WHAT TO PRODUCE:
Print every entry exactly as written and exclude all images.

Records drawn from a dataset:
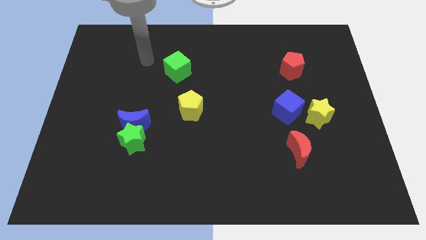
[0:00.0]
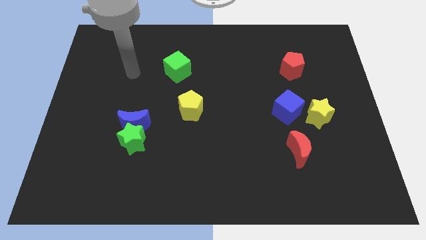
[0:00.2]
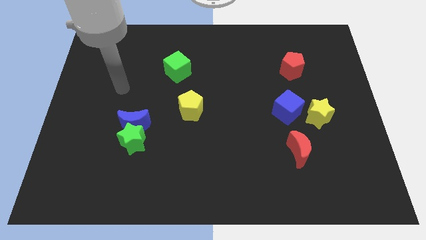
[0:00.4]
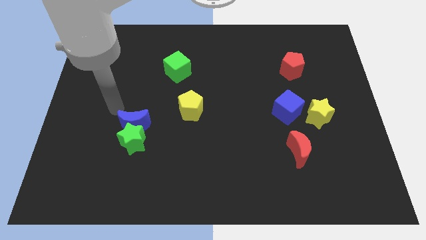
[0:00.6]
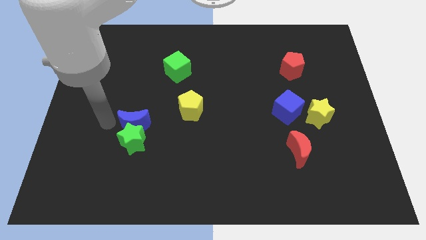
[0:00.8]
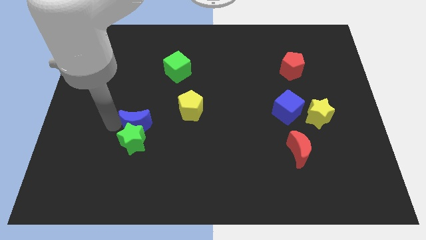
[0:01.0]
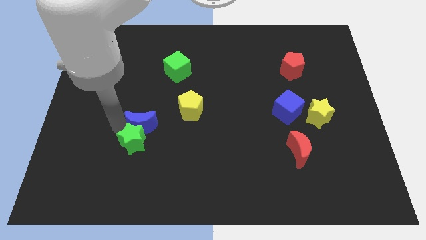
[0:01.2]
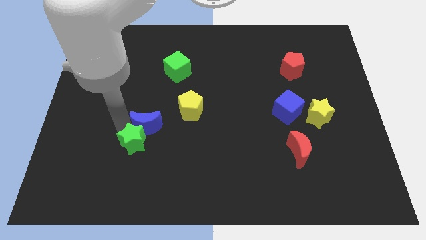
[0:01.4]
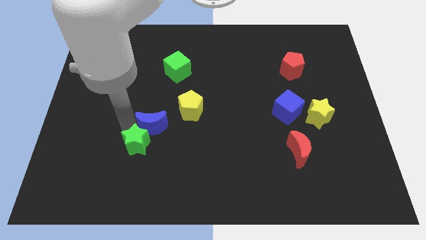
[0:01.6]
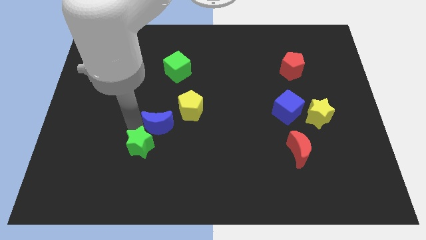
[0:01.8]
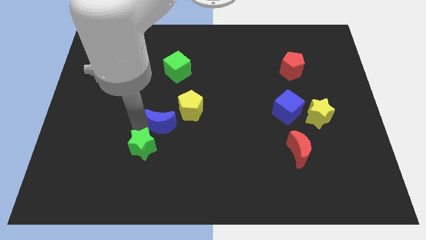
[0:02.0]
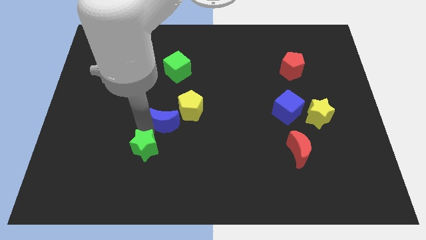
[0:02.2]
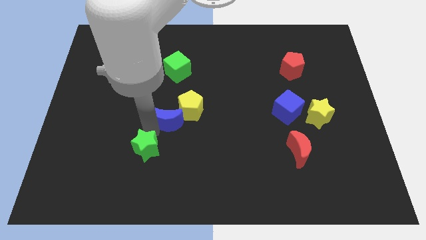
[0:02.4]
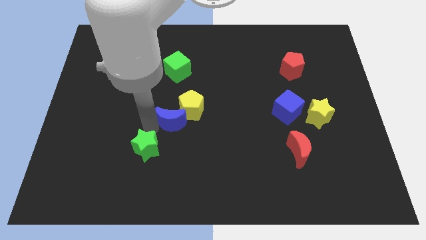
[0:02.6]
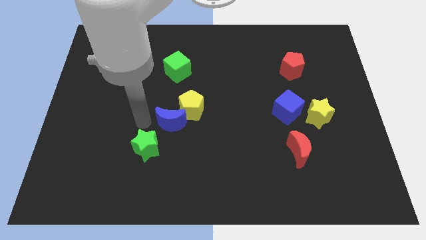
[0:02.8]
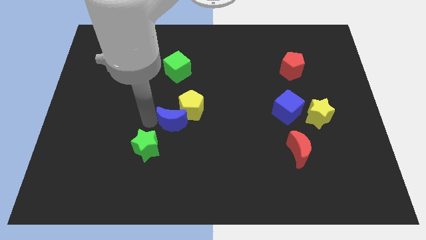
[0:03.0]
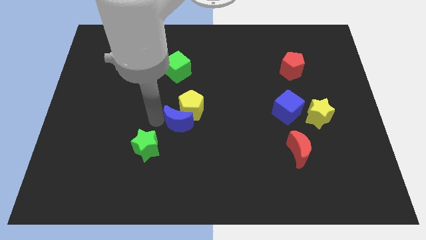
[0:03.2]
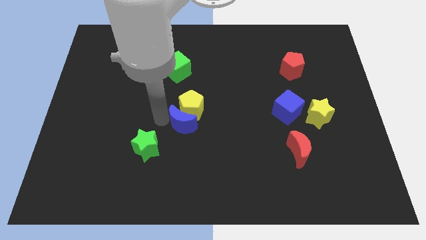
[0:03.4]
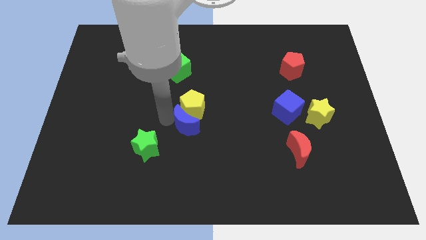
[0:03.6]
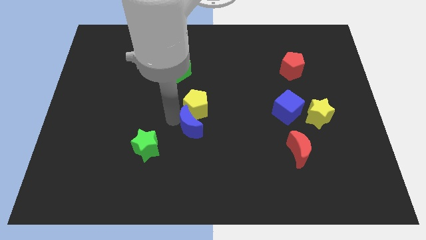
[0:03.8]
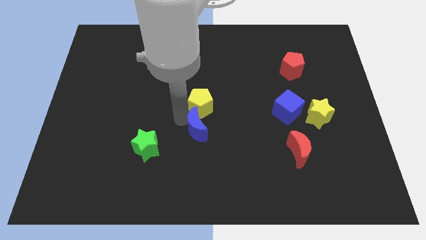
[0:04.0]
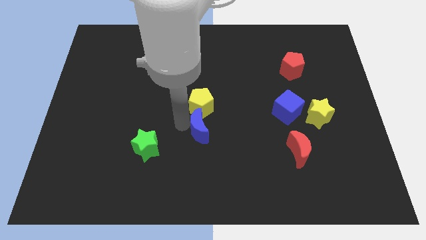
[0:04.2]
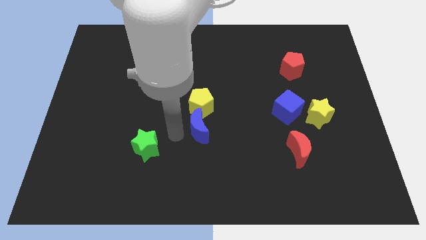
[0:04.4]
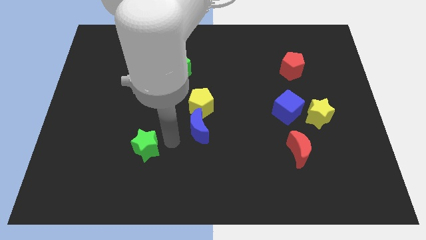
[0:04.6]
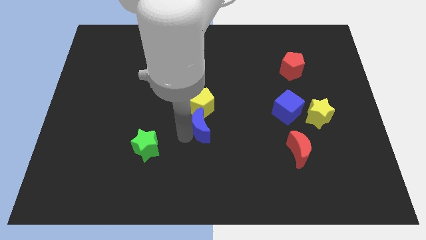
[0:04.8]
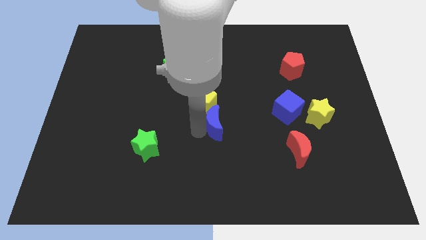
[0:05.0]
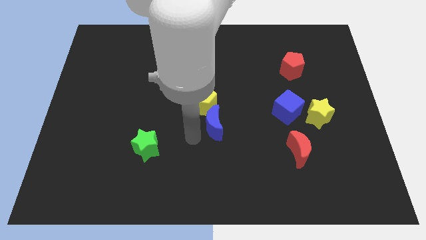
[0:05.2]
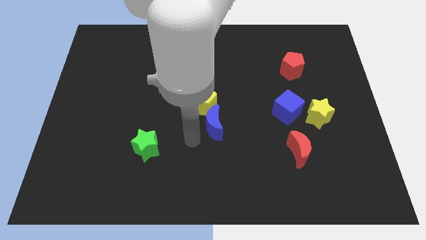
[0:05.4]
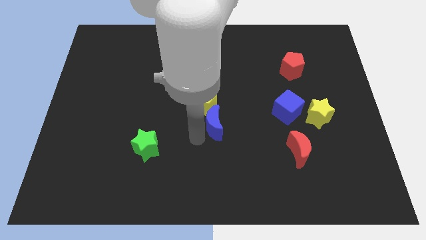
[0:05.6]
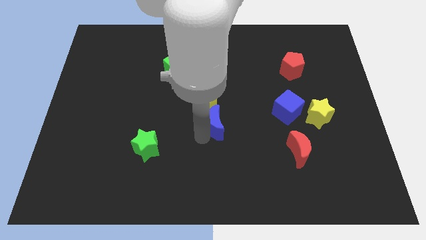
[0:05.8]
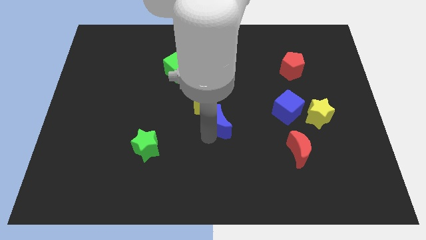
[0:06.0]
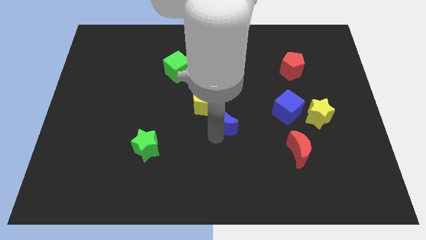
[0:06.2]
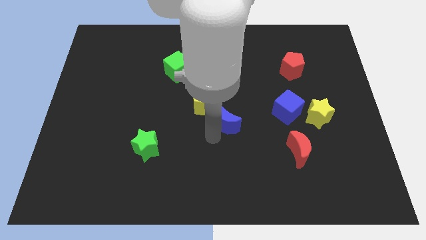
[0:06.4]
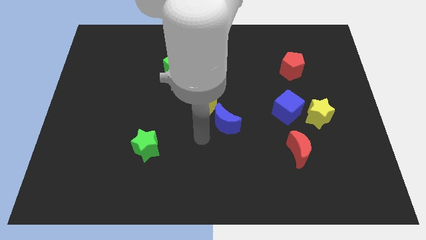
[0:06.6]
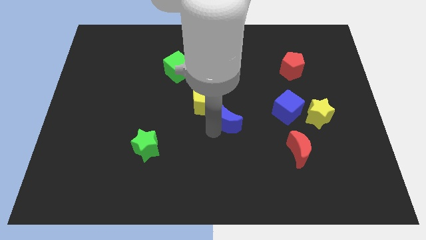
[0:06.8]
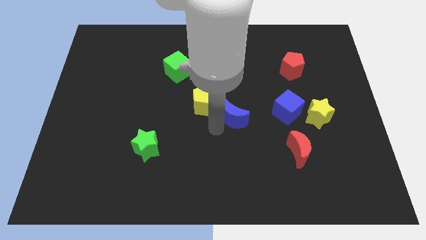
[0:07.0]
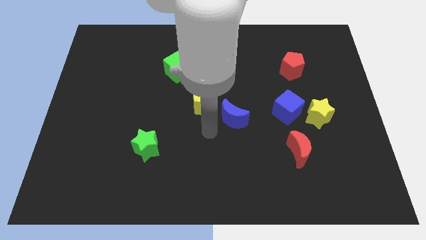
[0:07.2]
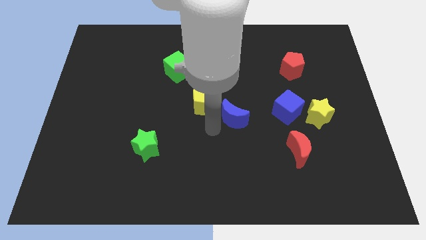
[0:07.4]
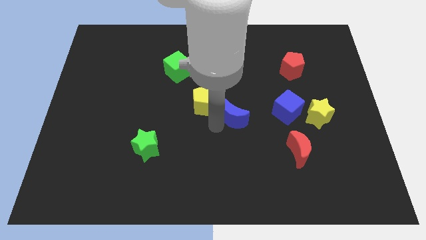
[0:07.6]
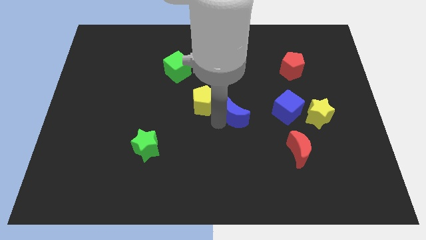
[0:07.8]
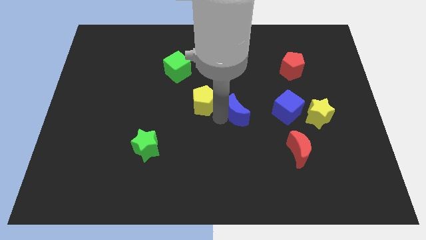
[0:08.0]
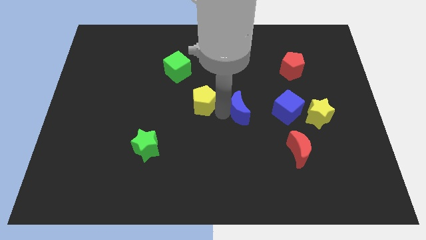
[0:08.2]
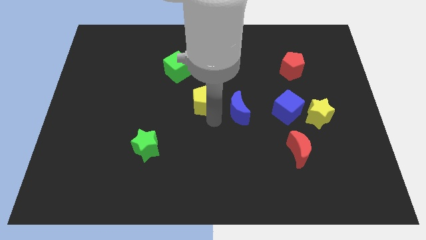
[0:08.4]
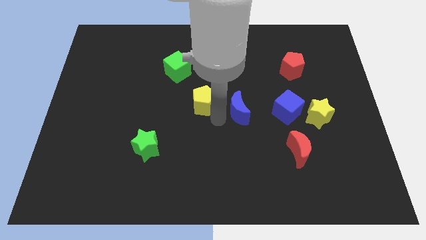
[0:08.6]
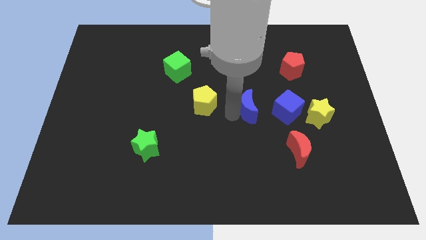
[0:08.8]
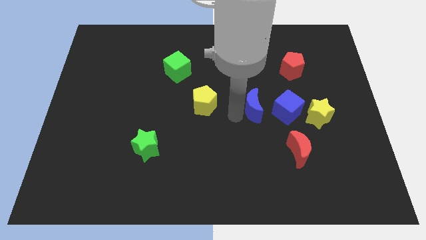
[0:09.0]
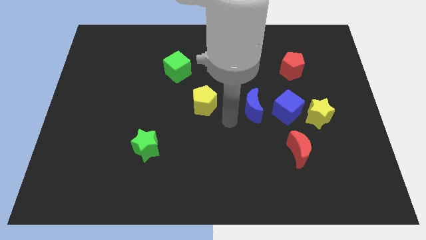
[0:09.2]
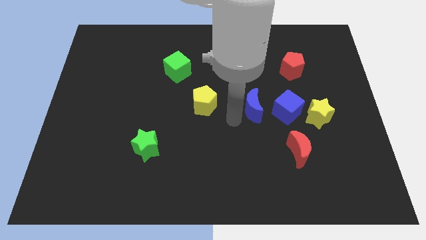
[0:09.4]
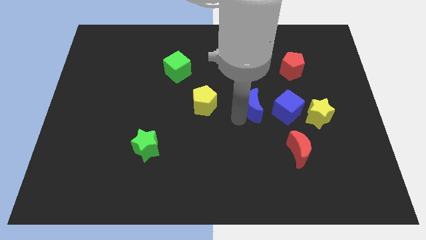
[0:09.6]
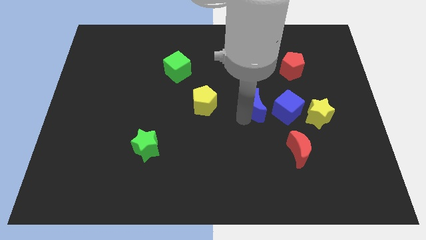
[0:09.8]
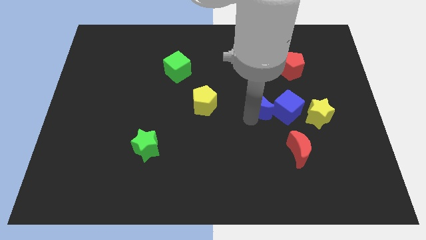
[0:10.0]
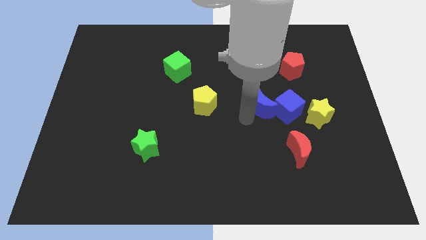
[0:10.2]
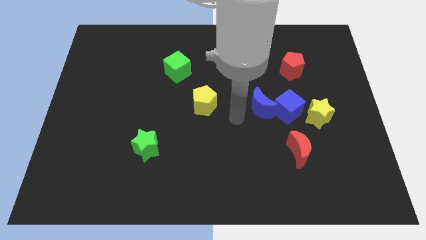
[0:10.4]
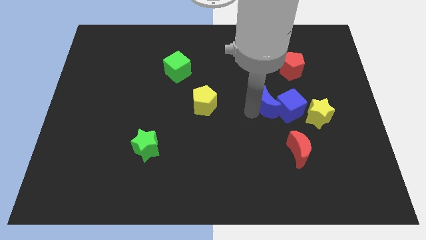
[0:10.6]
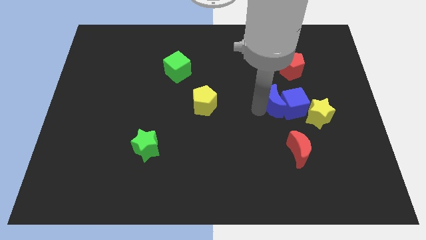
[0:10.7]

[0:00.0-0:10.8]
push the blue moon to the top of the red moon

YOUR SOLUTION:
[0:00.0]
[0:00.2]
[0:00.4]
[0:00.6]
[0:00.8]
[0:01.0]
[0:01.2]
[0:01.4]
[0:01.6]
[0:01.8]
[0:02.0]
[0:02.2]
[0:02.4]
[0:02.6]
[0:02.8]
[0:03.0]
[0:03.2]
[0:03.4]
[0:03.6]
[0:03.8]
[0:04.0]
[0:04.2]
[0:04.4]
[0:04.6]
[0:04.8]
[0:05.0]
[0:05.2]
[0:05.4]
[0:05.6]
[0:05.8]
[0:06.0]
[0:06.2]
[0:06.4]
[0:06.6]
[0:06.8]
[0:07.0]
[0:07.2]
[0:07.4]
[0:07.6]
[0:07.8]
[0:08.0]
[0:08.2]
[0:08.4]
[0:08.6]
[0:08.8]
[0:09.0]
[0:09.2]
[0:09.4]
[0:09.6]
[0:09.8]
[0:10.0]
[0:10.2]
[0:10.4]
[0:10.6]
[0:10.7]

[0:00.0-0:10.8]
push the blue moon to the top of the red moon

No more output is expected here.